Maybe Happy Ending

 Can robots fall in love? It's been a common staple of Western art since the 1990s, but this musical has a fresh take on it. To summarise, two helper-bots (a fussy helper-bot-3 and an assured helper-bot-5) live next door to each other for 12 years and have never interacted. One day Clare bot needs help with a charger, which throws Oliver's standard routine into disorder. 

It's a classic rom-com formula of mutual attraction which starts with disruption to life and initial dislike. Oliver is insecure about the more advanced helper-bot in his life and desperate to show he can keep up; Clare couldn't care less. Oliver still has hope that his owner (James) will retrieve him from the scrapyard, Clare understands that she's been abandoned. Their different world views collide until eventually they came to terms with each other.

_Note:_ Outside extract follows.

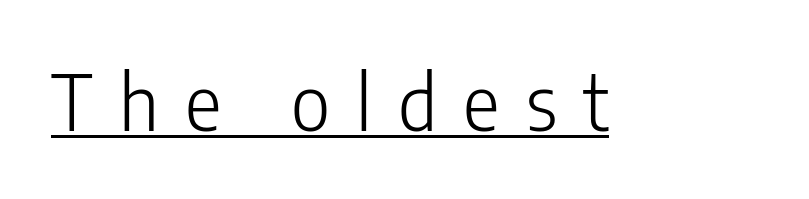
{"serif": "no", "italic": "no", "bold": "no", "weight": "light", "width": "condensed", "stroke_contrast": "low", "x_height": "medium", "monospaced": "no", "underline": "yes", "letter_spacing": "wide", "letter_spacing_em": 0.34, "glyph_px": 77}

So far, so standard. 

What's particularly good about this isn't the music (fine, but there are no showstoppers here, the music is helping drive the plot, they're not fantastic songs in and of themselves) but the reconsideration of such deep human emotions driven by such robotic characters. The actors are flawless - the only time Darren Criss displays any human emotion is at the end when he's engaging with the audience as we applauded. They cover betrayal, abandonment, love, despair, jealousy fear, and a spirit of adventure - all one needs for any sort of story. 

The humour is lightly sprinkled but surprisingly good. As they're entering a motel for the night, where everyone assumes the robots are about to have sex:

    "Buddy, you've got a ten right there.

    Actually, she's only a five!"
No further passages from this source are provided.